Stephanie Crowley

Although Biochemistry at UMass is a very focused major, it has allowed me to be incredibly flexible with my education. Biochemistry is the basis for many different sciences, so I constantly find myself excited when there is overlap with my other courses such as Microbiology and Public Health. As I enter my junior year pursuing majors in Biochemistry and Public Health, I am so grateful for the BMB faculty as they have been some of my greatest mentors. 

This past summer, I spent my time outside of lab advising incoming CNS students on choosing classes for their first semester. It is so encouraging to see so many new faces entering UMass excited about their education. Some of the questions I got asked most frequently were about a BMB major's ability to take courses outside of their major and also be involved on campus. Although it is a challenging major, the out-of-classroom experiences make your time here at UMass and are completely worth it. It is important to explore all of your opportunities in order to find your niche. Getting involved in a research lab is a great way to find mentors such as grad students and your PI, but also to invest your time in a project where you really become the expert.  One of my most exciting and focusing experiences so far has been working in Professor Jesse Mager's lab in the Vet and Animal Sciences department, studying epigenetic regulation during embryonic development. I spent this past summer looking at RNAseq data verifying known imprinted genes, as well as looking at novel ones. I was exposed to this lab from a fellow BMB student when I was a freshman in the Biochem club. It is important to not be afraid to ask for advice or opportunities from others, especially if they share similar interests! The Biochem club has allowed me to meet many students and Professors that have guided me in my undergraduate career. Let yourself explore your opportunities and everything the university has to offer.

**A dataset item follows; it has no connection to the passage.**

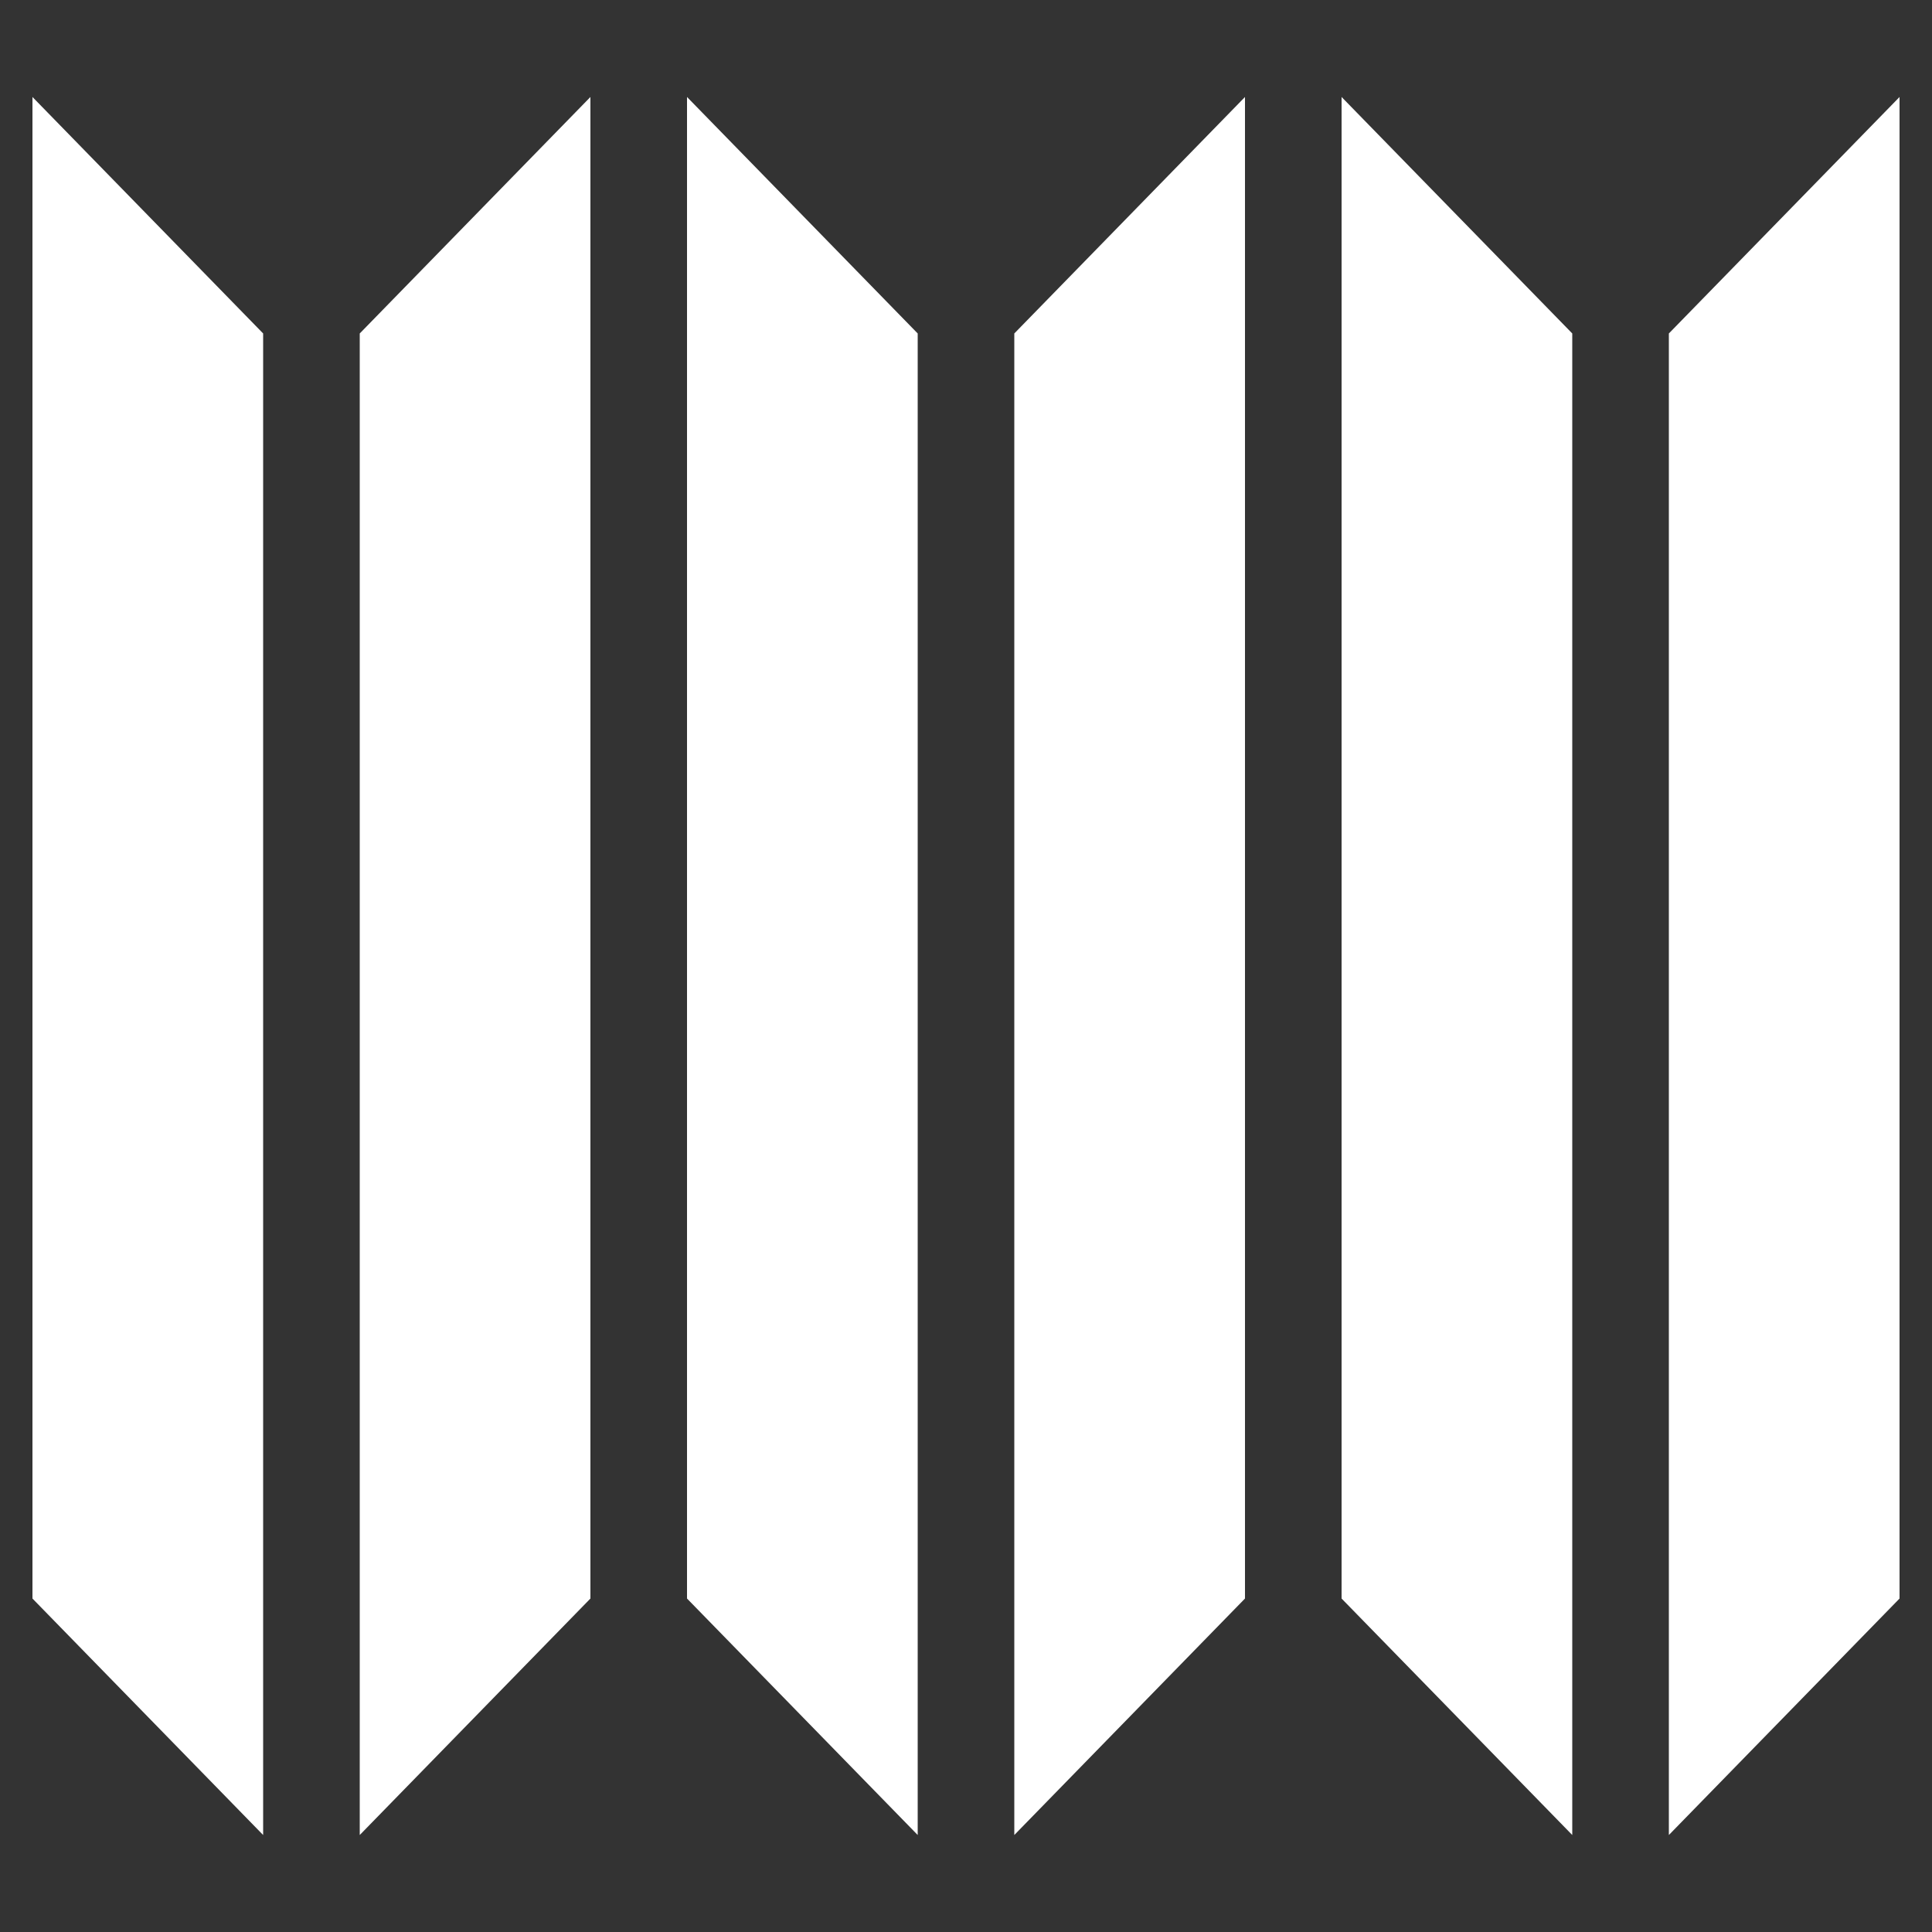 <?xml version="1.0" encoding="UTF-8"?> <svg xmlns="http://www.w3.org/2000/svg" id="Layer_1" data-name="Layer 1" viewBox="0 0 50 50"><rect x="0" y="0" width="50" height="50" fill="#333333" stroke="none"/><polygon points=".84 41.37 6.81 47.49 6.81 8.63 .84 2.51 .84 41.37" style="fill: #fff;"></polygon><polygon points="15.28 41.37 9.31 47.49 9.31 8.63 15.28 2.51 15.28 41.37" style="fill: #fff;"></polygon><polygon points="17.78 41.37 23.75 47.49 23.75 8.63 17.78 2.51 17.78 41.37" style="fill: #fff;"></polygon><polygon points="49.16 41.37 43.19 47.49 43.19 8.63 49.16 2.51 49.16 41.37" style="fill: #fff;"></polygon><polygon points="32.22 41.37 26.25 47.49 26.25 8.63 32.22 2.51 32.22 41.37" style="fill: #fff;"></polygon><polygon points="34.72 41.37 40.69 47.49 40.69 8.63 34.72 2.51 34.72 41.37" style="fill: #fff;"></polygon></svg>

One of my biggest pieces of advice is to go outside of your comfort zone. These experiences will shape you the most and allow you to narrow your goals. I did not know that I wanted to pursue Public Health as well as BMB until I took an international education class my freshman year. From this class, I was able to connect with the professor and have some incredible discussions about the lack of connection between hard sciences such as BMB and communication to the general public. I hope to combine my love for both science and policy to eventually do research at a facility such as the National Institute of Health or the Center for Disease Control and Prevention. Use your upper-level electives to take graduate courses within the BMB department such as drug design, or look outside the department at classes such as advanced biostatistics, or even something not related to science. I am confident that the Biochemistry department will allow me to combine my many different interests and fulfill my dreams.